First, when training a deep learning supervised learning model, if there is not a large amount of label data, the model cannot be trained.

Second, 3D human posture data takes a lot of time, human resources, and equipment resources to make label data differently from 2D human posture data.

Third, since many resources are involved, the number of published data itself is small, and there is only limited data for training deep learning models.

Because of these problems, supervised deep learning technology cannot exhibit its performance without label data.

The present invention has been devised to solve the above problems, and an object of the present invention is to improve the supervised learning 3D human posture estimation method that was dependent on 3D label data, thereby providing a self-supervised learning method that is relatively free from label data. It is intended to provide a method that can be used for general-purpose posture estimation.

According to an embodiment of the present invention for achieving the above object, a network learning method for estimating a 3D posture is a 3D method of a first view from an input image of a first view using a network for 3D posture estimation. a first estimation step of estimating a posture; a second estimation step of estimating a 3D posture of a second viewpoint from an input image of a second viewpoint using a network for 3D posture estimation; a first rotation step of rotating the three-dimensional posture of the first viewpoint to the second viewpoint; using the loss function between the 3D posture obtained in the second estimation step and the 3D posture obtained in the first rotation step to learn a network for 3D posture estimation.

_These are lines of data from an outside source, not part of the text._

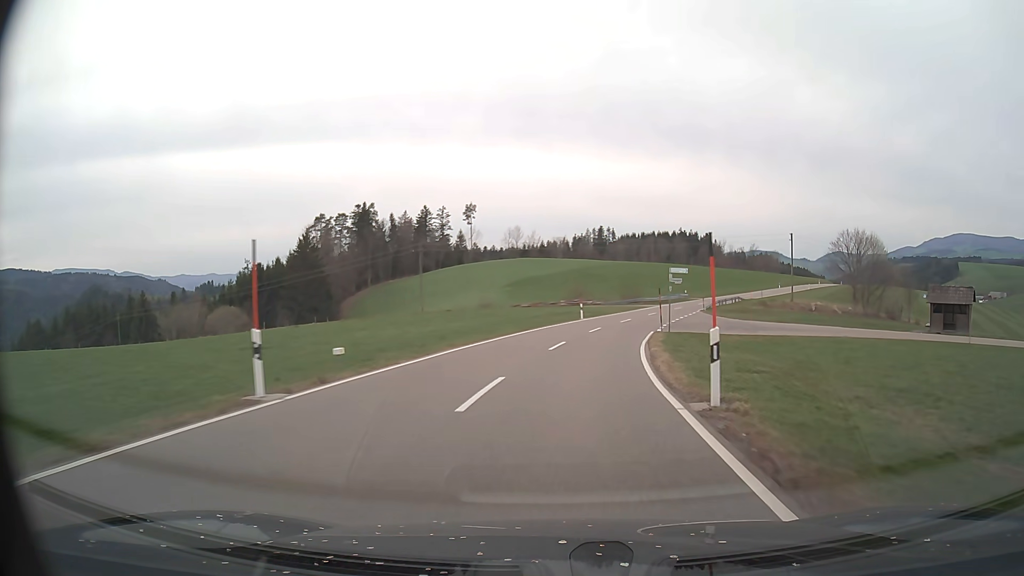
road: tertiary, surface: asphalt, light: Day
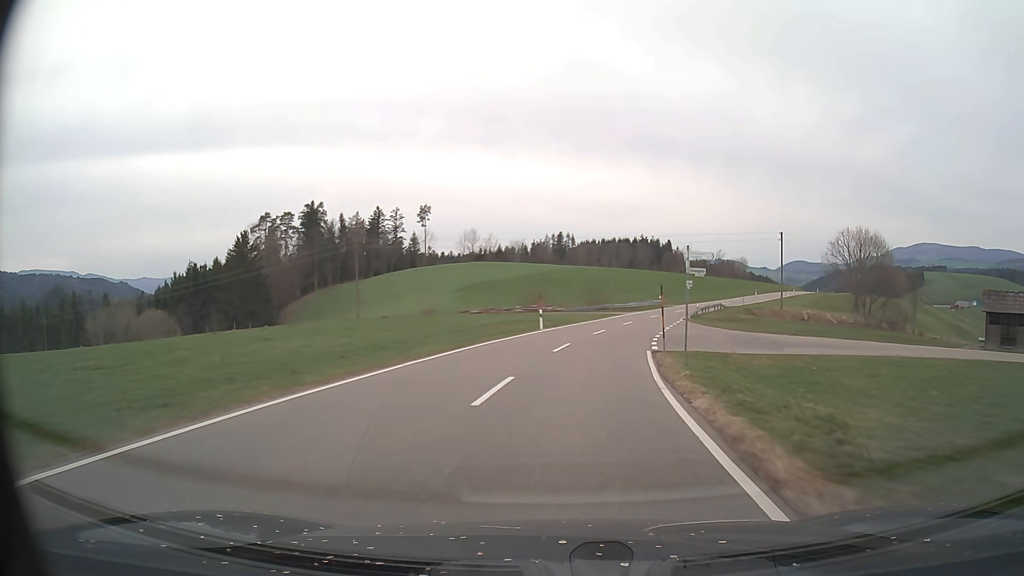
(+0.3, +11.5) m; +3°
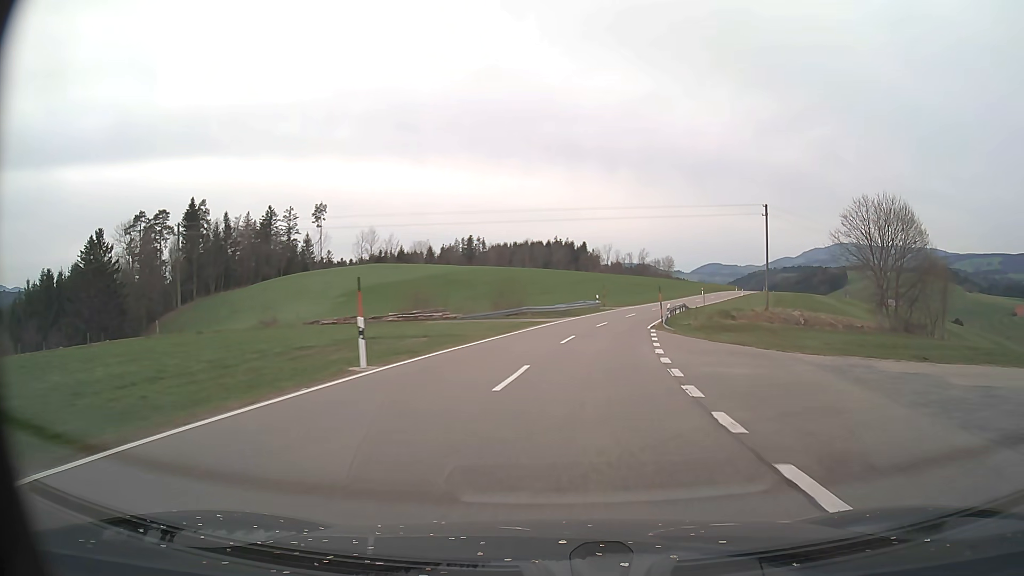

A network learning method for three-dimensional posture estimation according to an embodiment of the present invention comprises: a second rotation step of rotating a three-dimensional posture of a second view to a first view; and using the loss function between the 3D posture obtained in the first estimation step and the 3D posture obtained in the second rotation step to learn a network for 3D posture estimation.

The first rotation step is performed by applying a camera rotation matrix that converts the first point of view of the camera to the second point of view, and the three-dimensional posture of the first point of view is rotated to the second point of view, and the second rotation step includes the second point of view of the camera. By applying a camera rotation matrix that converts the viewpoint to the first viewpoint, the 3D posture of the second viewpoint may be rotated to the first viewpoint.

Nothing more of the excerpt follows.